Rien, por Luis Fernando Veríssimo

Talis Andrade

Representação da população parisiense realizando a tomada da Bastilha em 14 de julho de 1789

No dia da Queda da Bastilha (14 de julho de 1789), o rei Louis XVI da França voltou à sua casa, Versailles, depois de uma caçada matinal, tomou (presumivelmente nessa ordem) um banho e seu café, e abriu o diário em que anotava os principais acontecimentos do dia, todos os dias. Na falta de um acontecimento notável, Louis XVI escrevia um pensamento e, na falta de um pensamento, recorria a trivialidades, como o número de animais abatidos no bosque do castelo, ou alguma observação de Maria Antonieta sobre os modos da corte, ou uma indisposição digestiva do próprio rei. Naquele dia, nem detalhes da caçada, nem intrigas da corte e nem cólicas mereceram uma citação real. Depois de encarar a página em branco do diário por alguns instante, com um certo tédio, Louis XVI escreveu:

“Rien”.

“Rien”, “rien” de “rien”! A história do mundo chegava a um dos seus cotovelos, quando tudo muda de direção, e Louis XVI não julgou o fato digno de nota. Mas esta crônica não é sobre a insensibilidade dos reis ou sobre a importância da eterna vigilância em quem não quer ser pego de surpresa pela História, e muito menos sobre a incompetência de quem deveria, pelo menos, manter o rei bem informado. Esta crônica é uma proclamação de inveja. Imagine-se morando em Versailles, onde as notícias do mundo real custam a chegar. Imagine-se um Louis XVI desobrigado de saber o pior, abençoado pela ignorância.

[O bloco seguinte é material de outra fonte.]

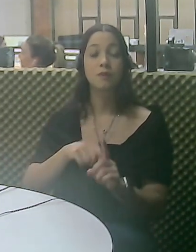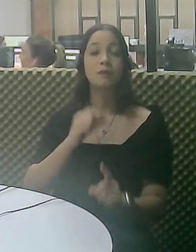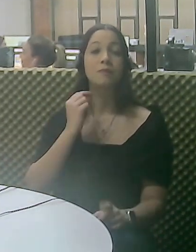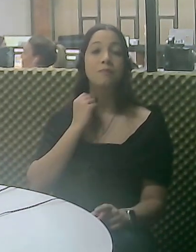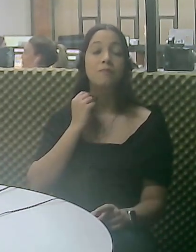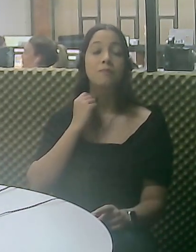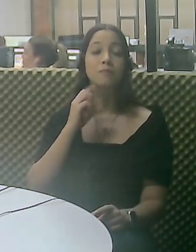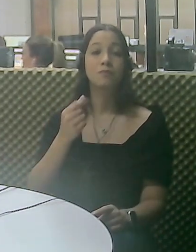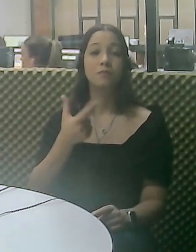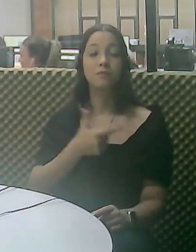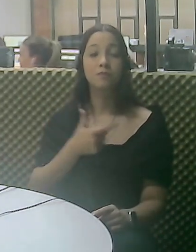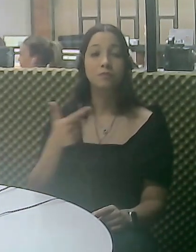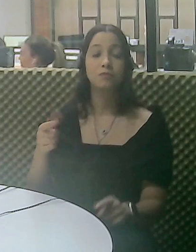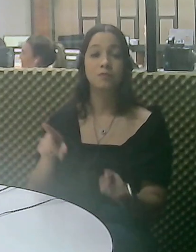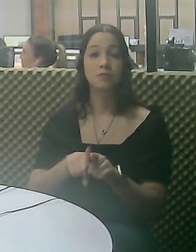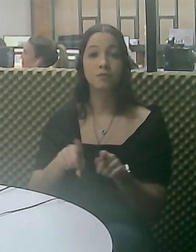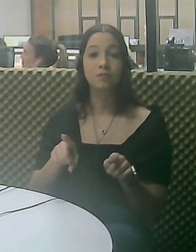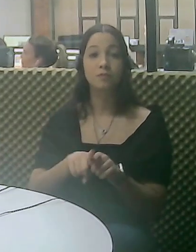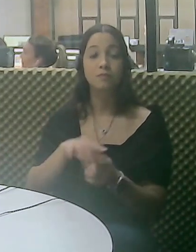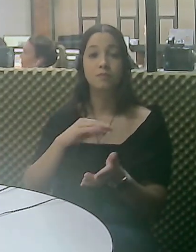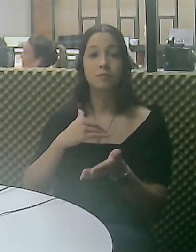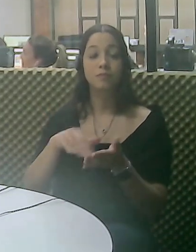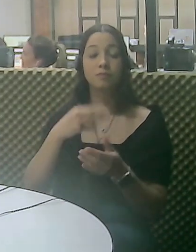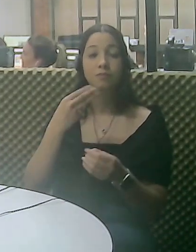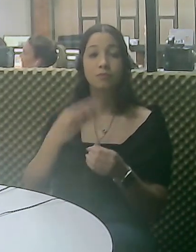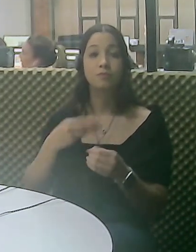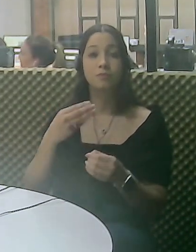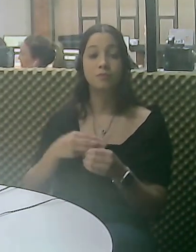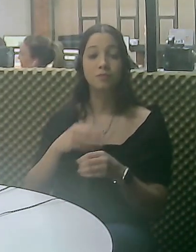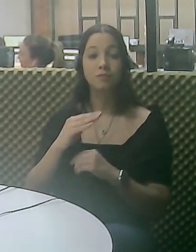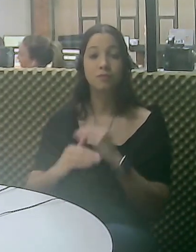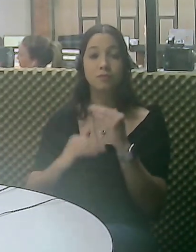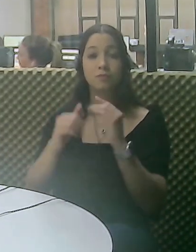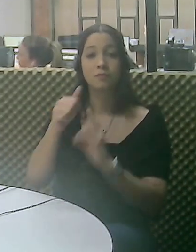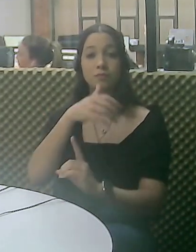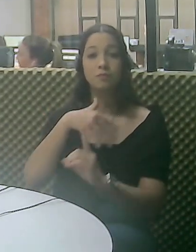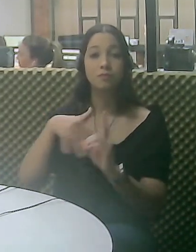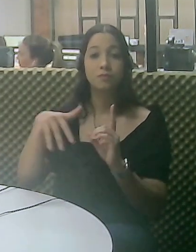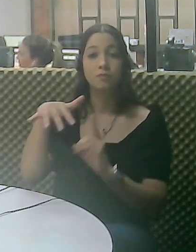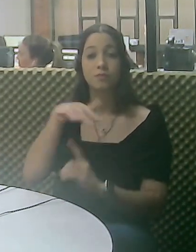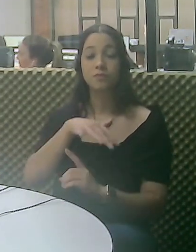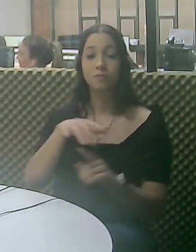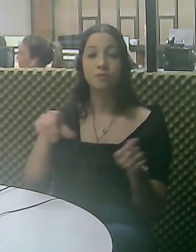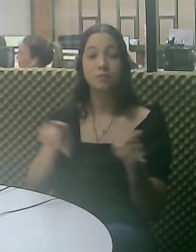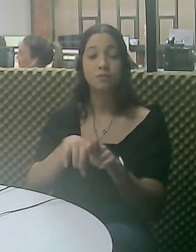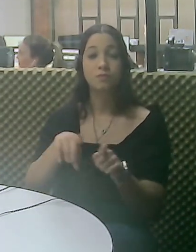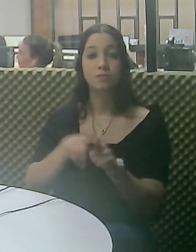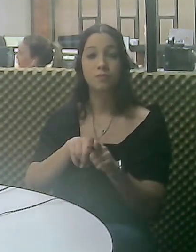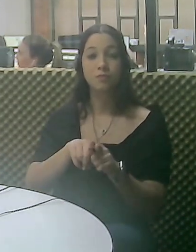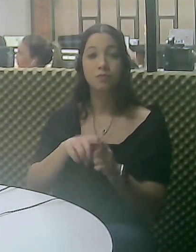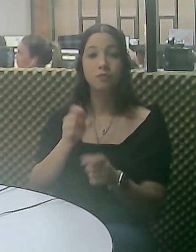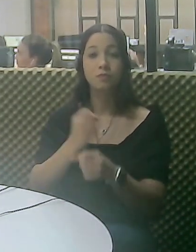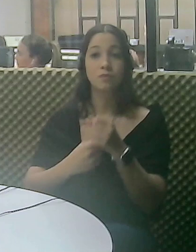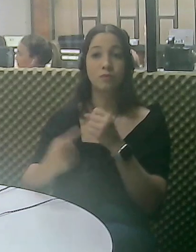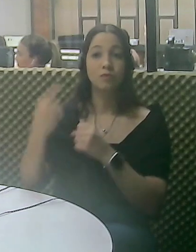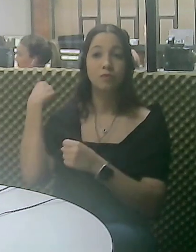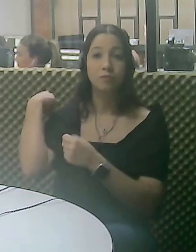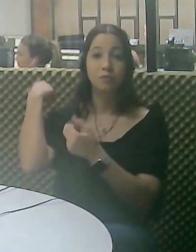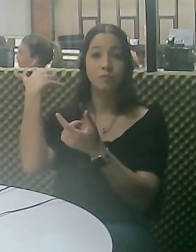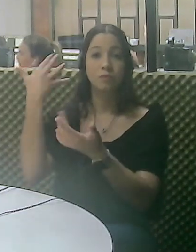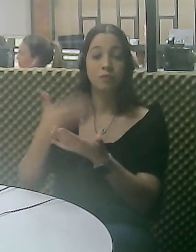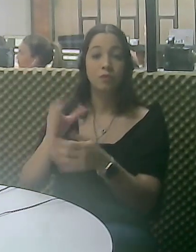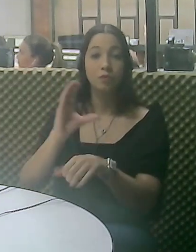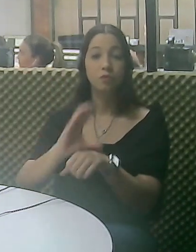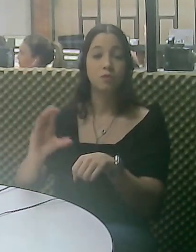com a Sejuspe em março de 2022 e capacitação fornecida pela Secretaria Municipal de Desenvolvimento

Imagine poder escrever “rien” em todas as páginas do seu diário, hipotético ou não, que tratariam da pandemia dos coronavírus e seus estragos se não tivéssemos renunciado à vida real ou assumido a inconsciência de um rei de França, que inveja. Como não podemos nos fingir de Louis XVI, também não podemos exigir os privilégios do seu trono e estamos condenados ao assunto único, esperando que o leitor entenda.

Se o assunto inescapável é repetitivo e trágico, acompanha-o um circo: um governo, pior do que sem cabeça, com muitas cabeças se batendo no picadeiro. Ninguém está rindo.